Ask HN: Are you able to actually get work done? If so, how? - exotree
I’m a WFH veteran, and I am even struggling to stay focused. The mental health toll from the news and rapid change has been a bit overwhelming, and it’s difficult to ignore the daily updates given that I work in tech. It’s increasingly feeling like a grind to keep going. Am I the only one feeling this way?
======
tartoran
Yes, it’s not easy to be productive with the current events unfolding into
unknown directions(pandemic, financial, food, wfh, etc). I am not a WFH
veteran and only recently started to work form home and so far I dont find it
too easy. I’d say if I put in 3-4 hours of solid work I’d call it a day. If I
happen to put in 8 consecutive hours of work, next day is ok to do less and
relax more. I worked from home in the past and I found it to be horrible until
I discovered that if i went to a public space like a Starbucks or other cafe
things were a lot more bearable.

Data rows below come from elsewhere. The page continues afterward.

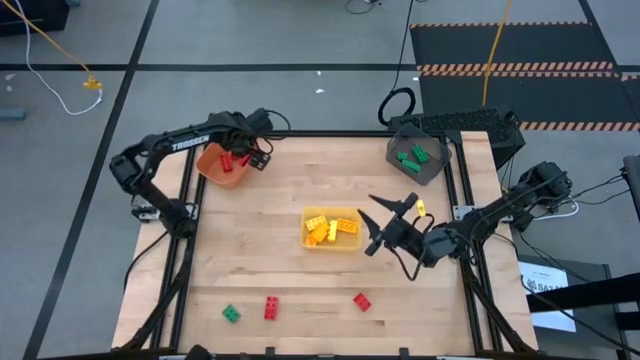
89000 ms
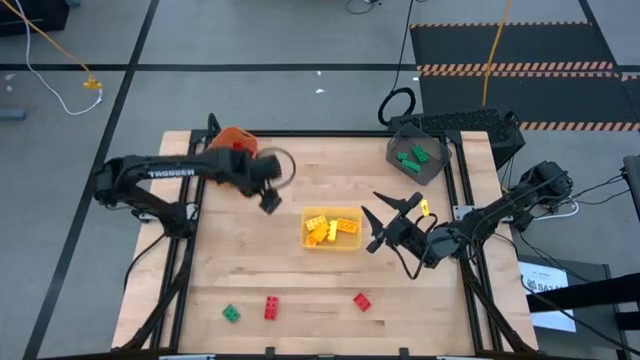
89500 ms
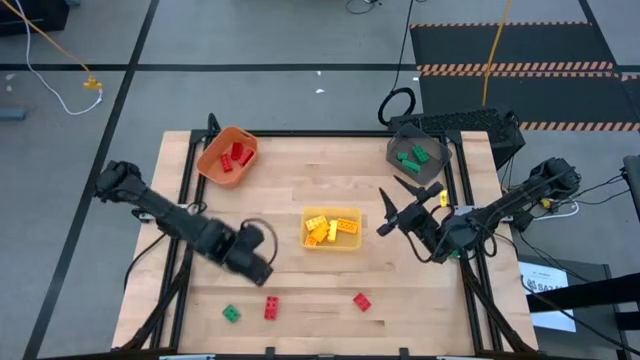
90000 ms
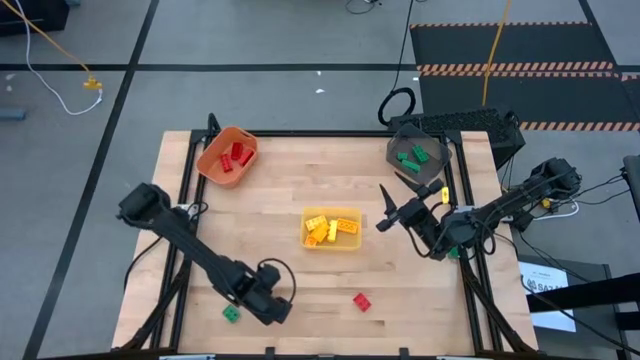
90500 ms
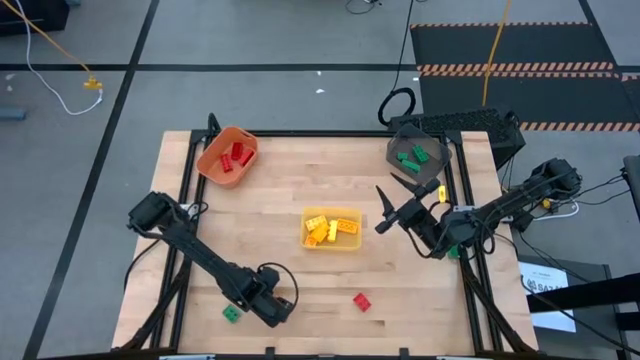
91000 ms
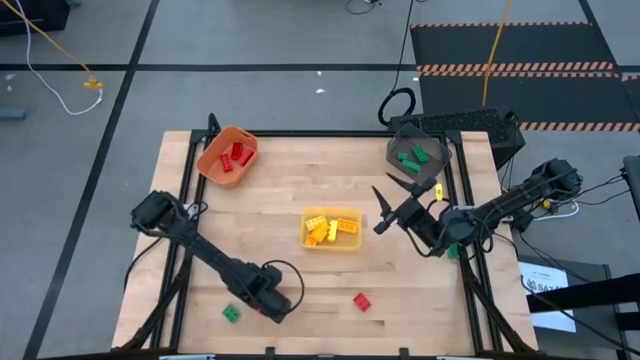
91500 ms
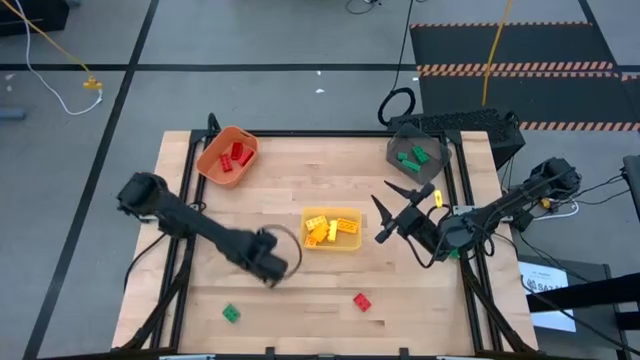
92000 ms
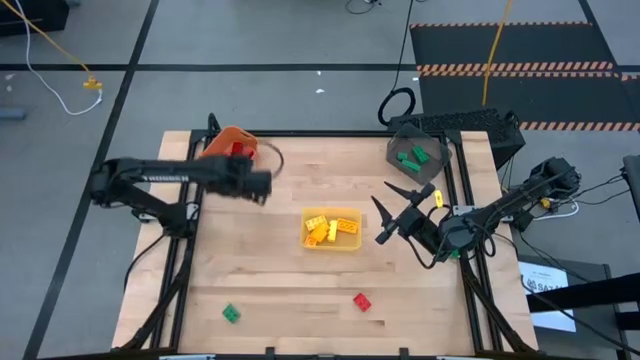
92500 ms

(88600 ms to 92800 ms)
Task: Sort & place blocks by color
Put the left red 8-stud game piece into the orange bin
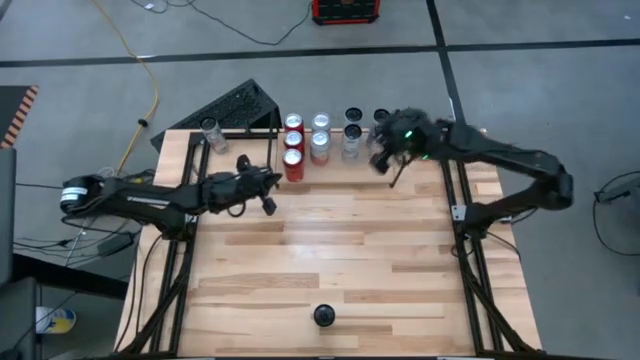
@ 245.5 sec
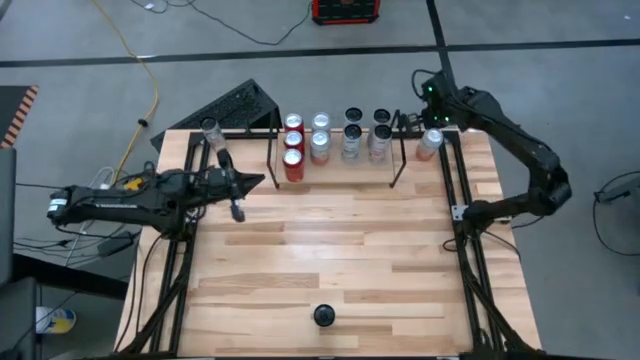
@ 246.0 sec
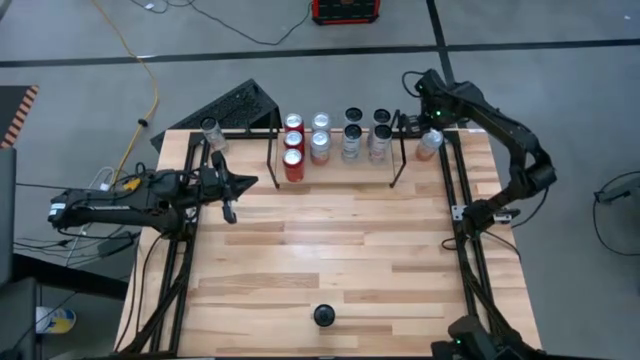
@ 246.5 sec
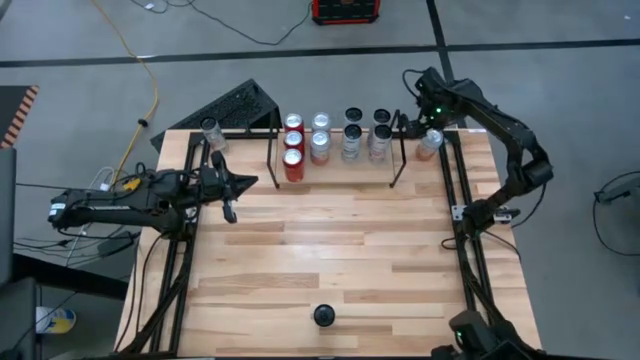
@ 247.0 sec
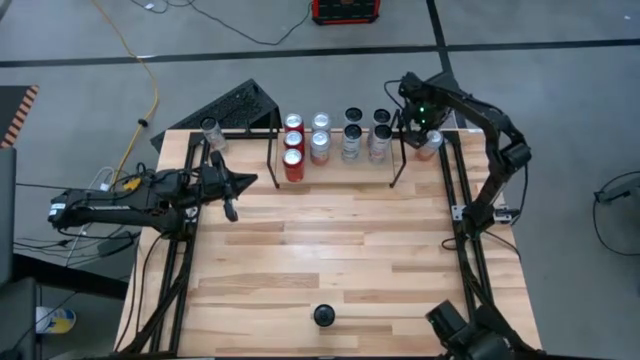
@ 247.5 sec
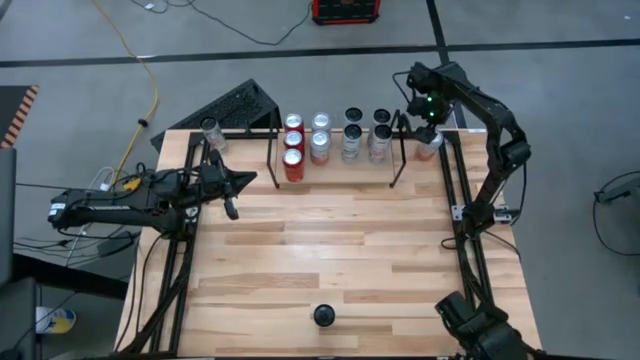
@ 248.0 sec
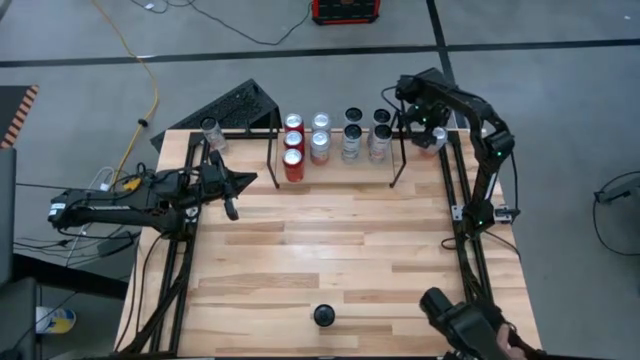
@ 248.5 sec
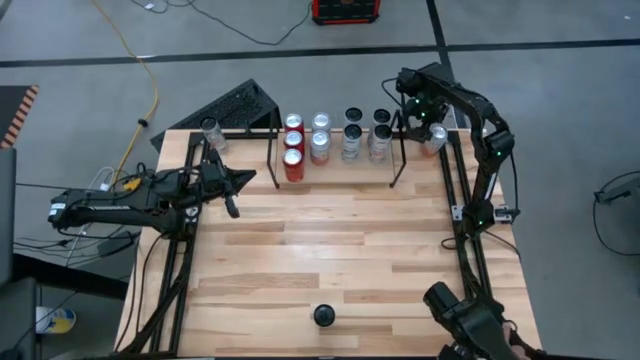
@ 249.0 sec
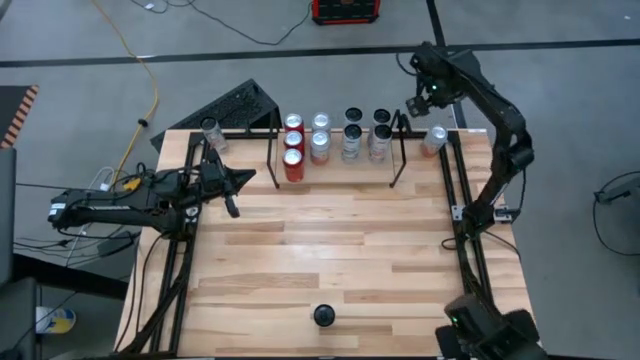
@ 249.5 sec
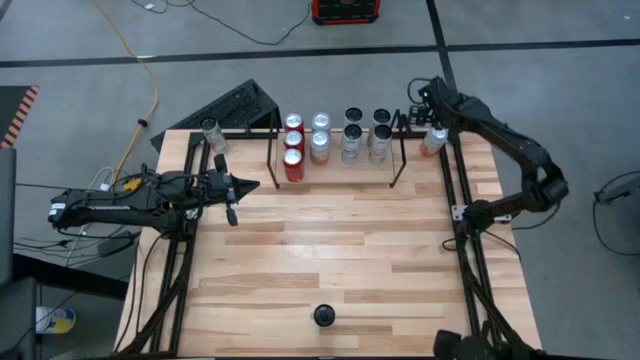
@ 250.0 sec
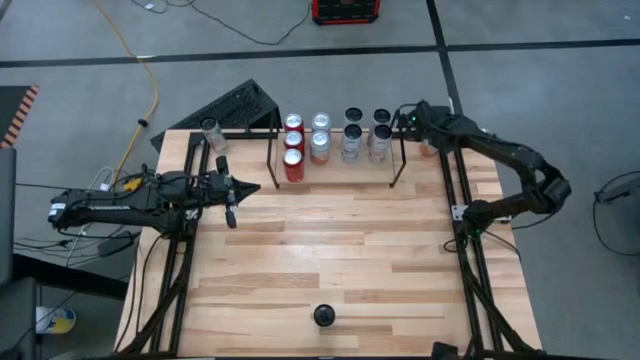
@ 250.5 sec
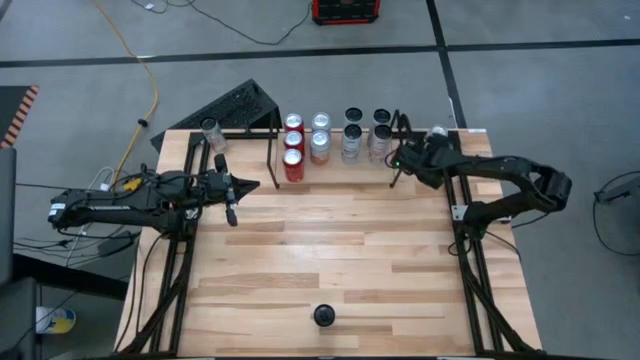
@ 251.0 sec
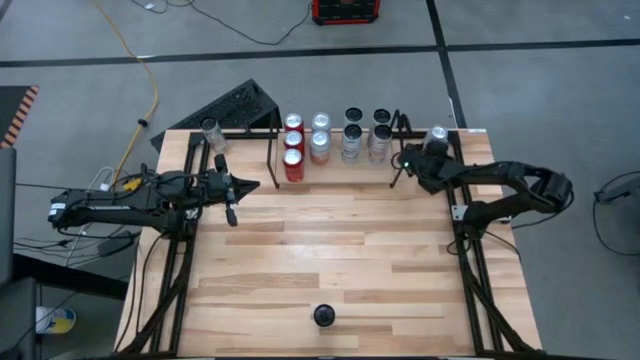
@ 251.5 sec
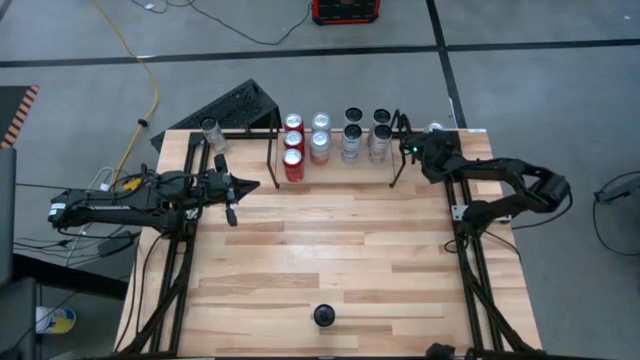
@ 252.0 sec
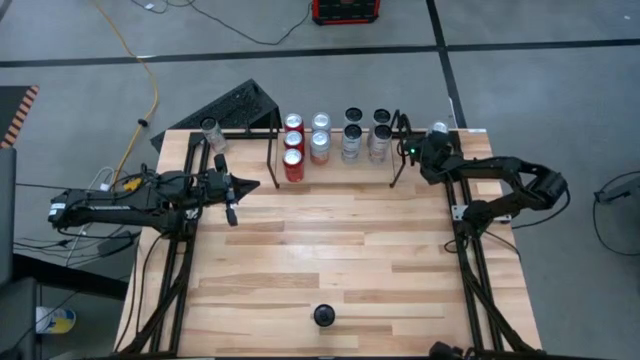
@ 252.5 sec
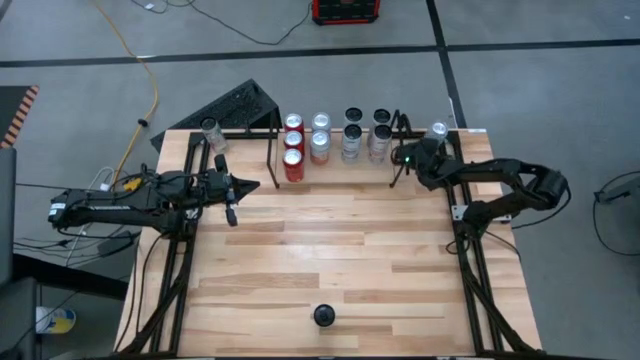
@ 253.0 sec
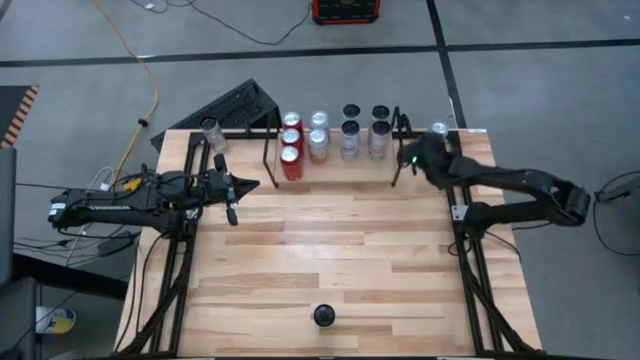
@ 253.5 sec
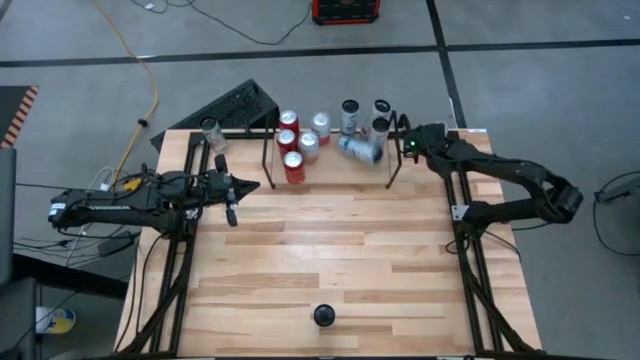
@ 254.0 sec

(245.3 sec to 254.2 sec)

Not sure how long this pandemic situation
will last but Im already thinking I’ll be less productive than in the office
because I have more privacy there than at home. I have a 2 year old so im
kindof getting a break when not at home.

Also we live in a tiny one bedroom apt in NYC. Setup kindof sucks but it is
what it is. I dont even have any external monitor so I struggle on a 14”
lenovo laptop. The situation caught me completely unprepared...

------
exolymph
I haven't gotten a damn thing done in about a week. You're not alone.